Посмотришь вниз — только торосы, сплошные торосистые ледяные поля, иногда заметны разводья. Наконец пролетаем полюс. Водопьянов стал снижаться, пробивая облачность. Выйдя из нее, начал искать подходящую площадку для посадки. Среди торосов такая нашлась. Сбросили дымовую шашку для определения направления ветра и, сделав круг, пошли на посадку. Самолет Водопьянов посадил хорошо, несмотря на значительные снеговые наносы. Температура минус 20. Когда машина остановилась, все вышли из самолета и распили бутылку коньяка за благополучный перелет на полюс и за товарища Сталина. Громкое «ура!» прокатилось над полюсом. Но сообщить об этом не могли — перед самой посадкой у Иванова испортился радиопередатчик. Сгрузили папанинское добро.
Папанинцы установили палатки, радиоантенны, но и у них радио плохо работает. Пока Кренкель настраивал, прошло 10 с половиной часов. В это время Рудольф и остальные станции безрезультатно пытались поймать нашу волну. И вот на Рудольфе Страшилов поймал Кренкеля, и началась нормальная связь.
Полет продолжался 6 ч. 45 мин. Мы так переутомились, что даже не стали устанавливать свою палатку, а в 17 часов легли спать прямо в самолете.
22.V.37
Поставили палатку и загородили от ветра снежными «кирпичами». Закрепили на льду тросами плоскости.
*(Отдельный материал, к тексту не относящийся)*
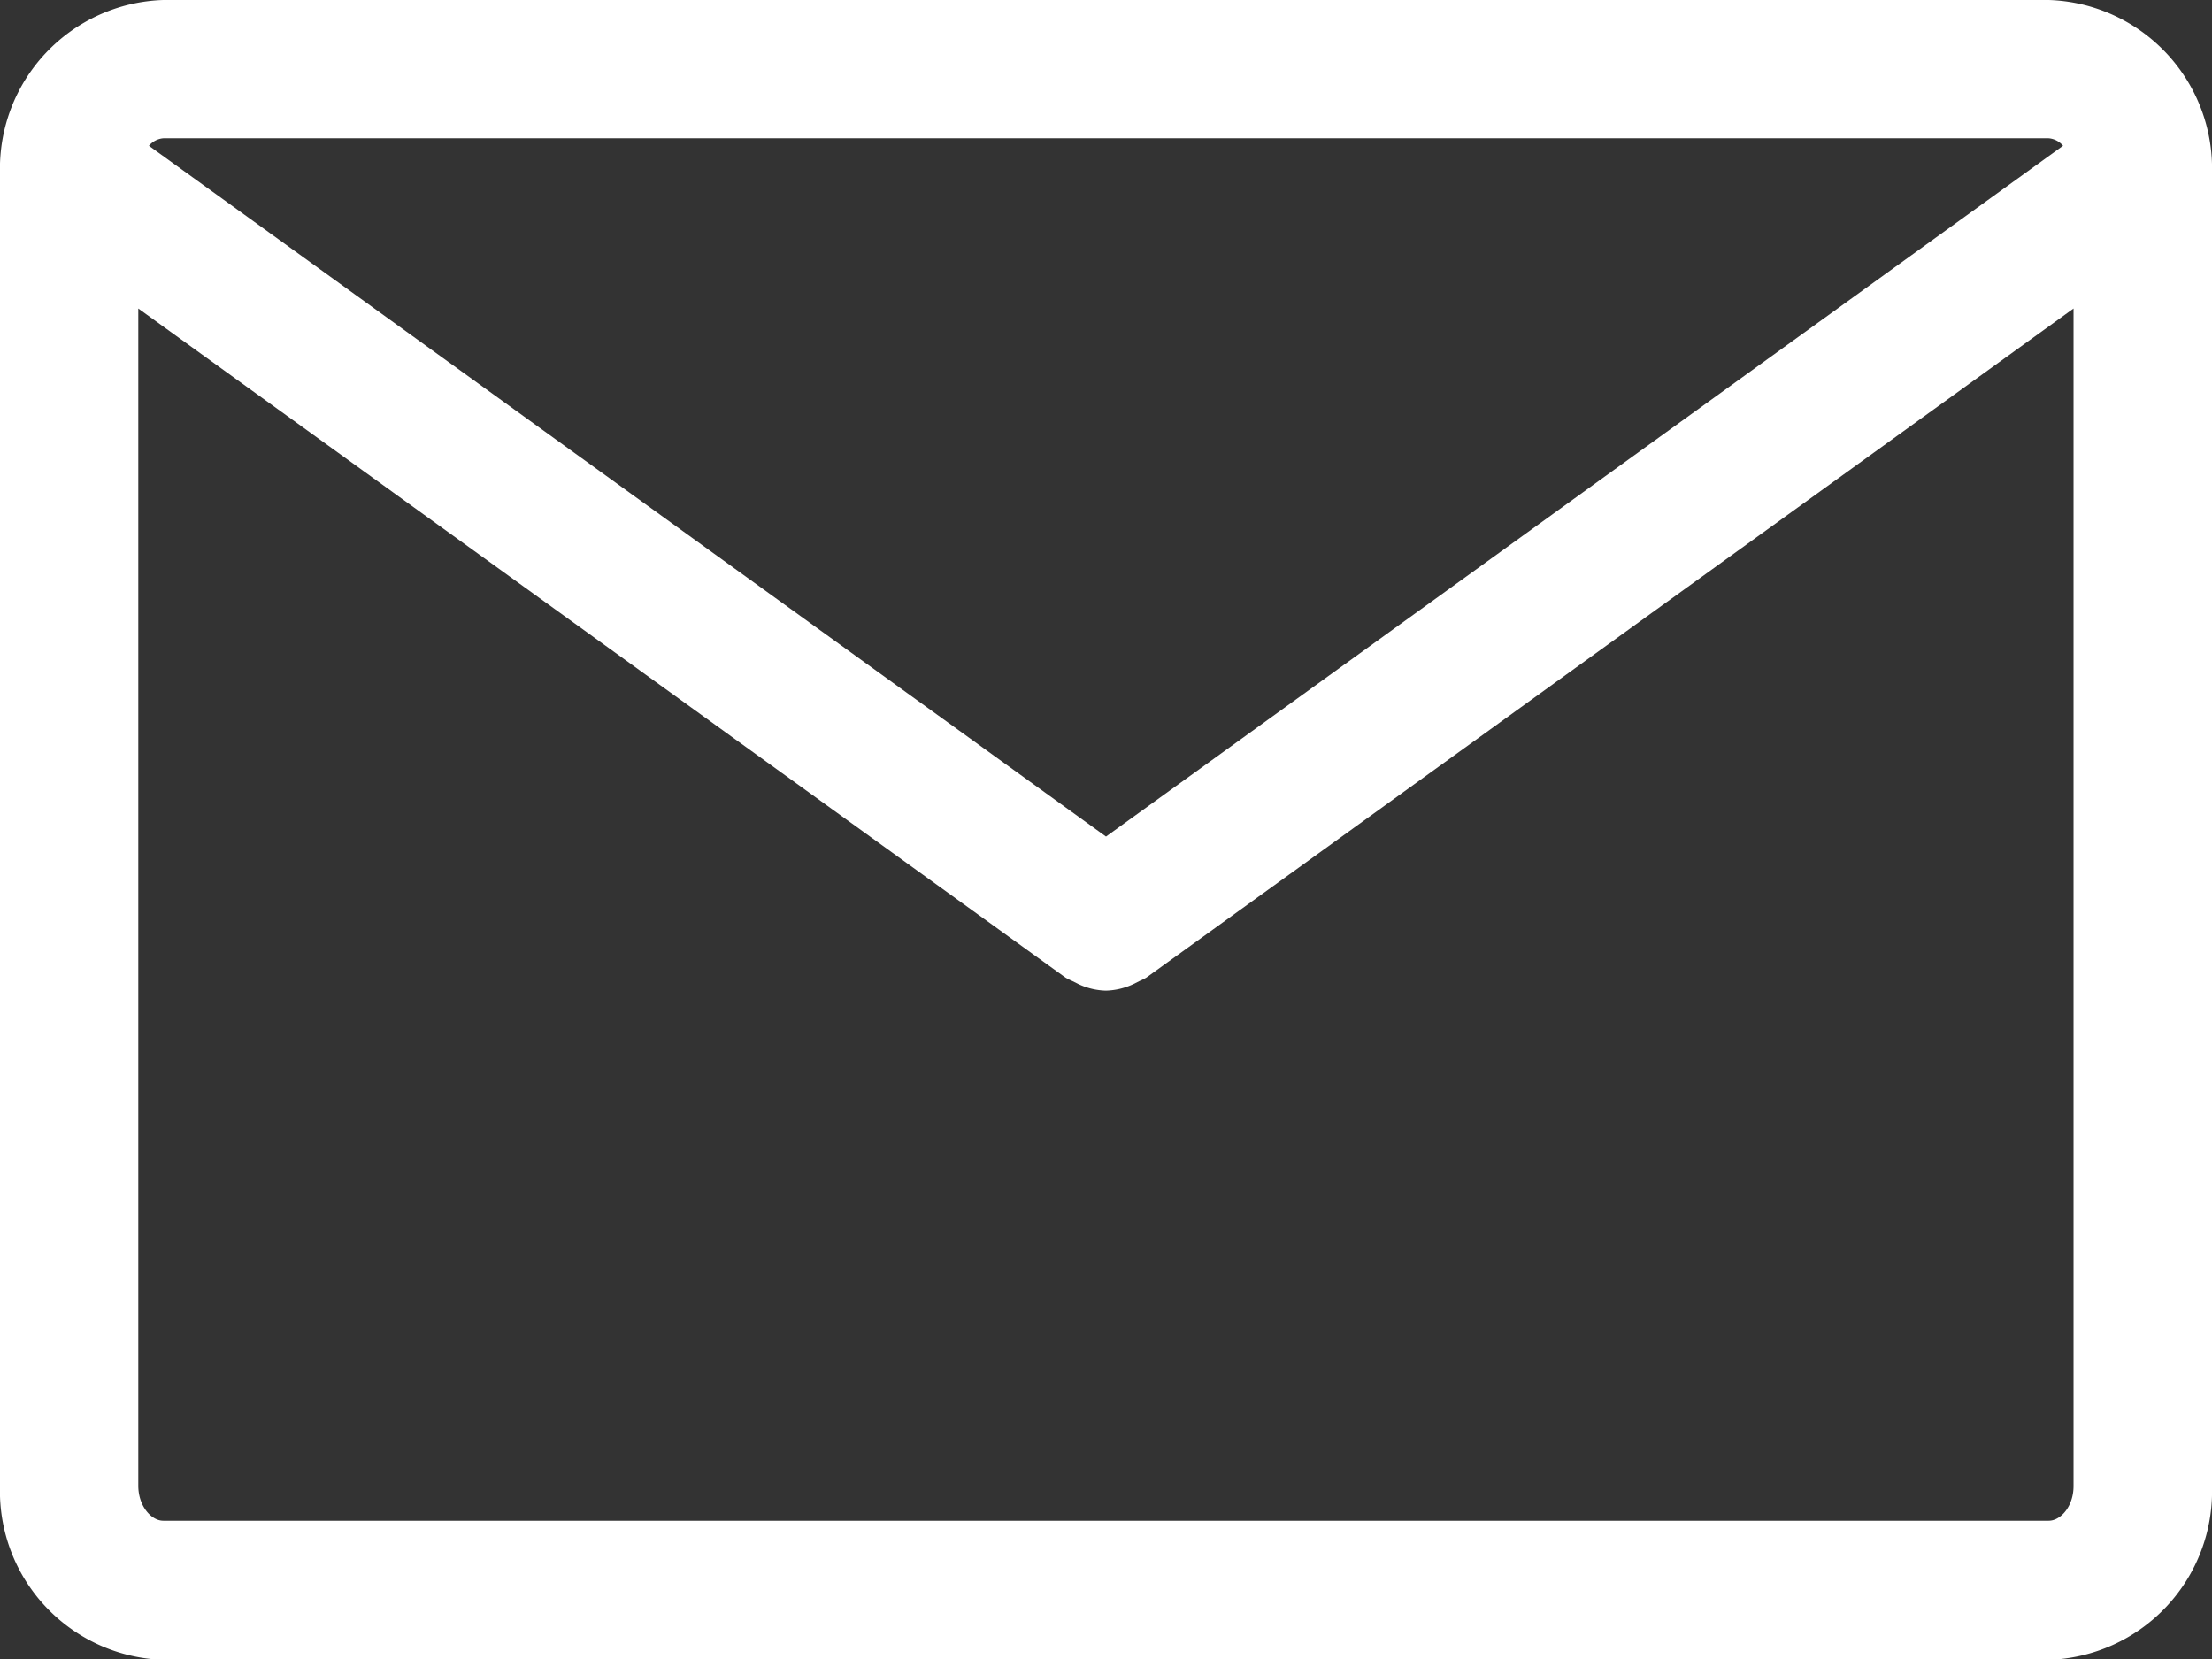 <svg xmlns="http://www.w3.org/2000/svg" width="13.308" height="9.981" viewBox="0 0 13.308 9.981">
  <rect x="0" y="0" width="13.308" height="9.981" fill="#333333" stroke="none"/>
  <path id="Tracé_202" data-name="Tracé 202" d="M3137.287,1687.5h-11.344a1.015,1.015,0,0,0-.982,1.043v7.9a1.015,1.015,0,0,0,.982,1.043h11.344a1.015,1.015,0,0,0,.982-1.043v-7.9A1.015,1.015,0,0,0,3137.287,1687.5Zm0,.832a.127.127,0,0,1,.086.045l-5.758,4.156-5.758-4.156a.127.127,0,0,1,.086-.045Zm0,8.317h-11.344c-.071,0-.15-.087-.15-.211v-7.082l5.579,4.026a.385.385,0,0,0,.04.02l.038.019a.412.412,0,0,0,.164.039h0a.413.413,0,0,0,.165-.039l.038-.019a.385.385,0,0,0,.04-.02l5.579-4.026v7.082C3137.437,1696.563,3137.358,1696.649,3137.287,1696.649Z" transform="translate(-3124.961 -1687.5)" fill="#fff"/>
</svg>

Больше ничего не делали, так как началась сильная пурга.
23.V.37
Запаяли радиатор, исправили подогрев на двух моторах, осмотрели остальные. Слушали по радио передачу с Диксона о нашем перелете. Я получил радиограмму через Рудольфа. Температура минус 10, ветер 3 балла, иногда просвечивает солнце, временами небольшой снегопад. Рубили лунку во льду. Лед оказался толщиной в 3 метра. (Морозов все время упоминает погоду из-за того, что экспедиция ждет остальные самолеты. А лунка была необходима прежде всего для определения толщины льдины — насколько она надежна для посадки самолетов и для дрейфа на ней папанинцев.— Л. Л.)
24.V.37
Делали дом из снега — радиорубку для Кренкеля. Небольшой ветер, 2—3 балла. Температура минус 14. Осмотрели остальные два мотора. Лопнула коробка подогрева воздуха в карбюраторе у 4-го мотора. Потек антифриз из-под дюрита на трубе, ведущей к радиатору. Это уже на четвертой трубе. Слабнут хомуты КФ завода 22. Закончив работу, мы легли отдохнуть в палатке. Слышим, подошел Ширшов и крикнул, что нас зовет О. Ю. Выйдя, увидели, что у палатки О. Ю. собрался весь народ. Он собрал всех, чтобы огласить только что полученную приветственную телеграмму от Политбюро. Это была для всех большая радость.
25.V.37
Стоит ясная безоблачная погода. Температура минус 16. С Рудольфа сообщили, что три самолета собираются лететь к нам. Мы добавили в радиатор воды, приготовленной из снега, и повесили трубы для прогрева мотора. Потом пошли срубать ропаки, мешающие посадке, и выложили Т, вернее, окрасили снег краской. Самолеты вылетели в 23 ч. 05 мин.
26.V.37
Погода стоит такая, как вчера. Самолеты летят, но все растерялись. Мы подкопали лыжи, поставили под одну домкрат и машину сдвинули с места. (ТБ-3, как и большинство самолетов того времени, имел неубирающиеся шасси. Зимой колеса заменяли на лыжи, но они нередко примерзали, и стронуть самолет с места даже с работающими моторами было невозможно. Поэтому лыжи предварительно отрывали от снега домкратом.— Л. Л.). В 4 часа самолеты должны подходить к нам. Получаем радиограмму с Н-171: «Прошел над полюсом, иду к вам». И через 10 минут мы увидели над горизонтом маленькую точку, которая с каждой минутой росла, и скоро над нами прошел Н-171. Через несколько минут самолет плавно приземлился. Мы пошли к машине. Были очень рады, жали друг другу руки, целовались. Потом началась разгрузка. Ивашина и Фрутецкий (бортмеханики H-171 — Л. Л.) проверили моторы. По их словам, они работают «как часы».
Бензина у них осталось больше, чем у нас, на 100 литров, всего 5100 л. Хотя они были в воздухе 7 часов — на 15 минут больше, чем мы, но зато у них встречный ветер был слабее. По радио получили телеграмму от Алексеева. Он, не найдя нас, сел в 20 милях от нас. Мазурук неизвестно где находится.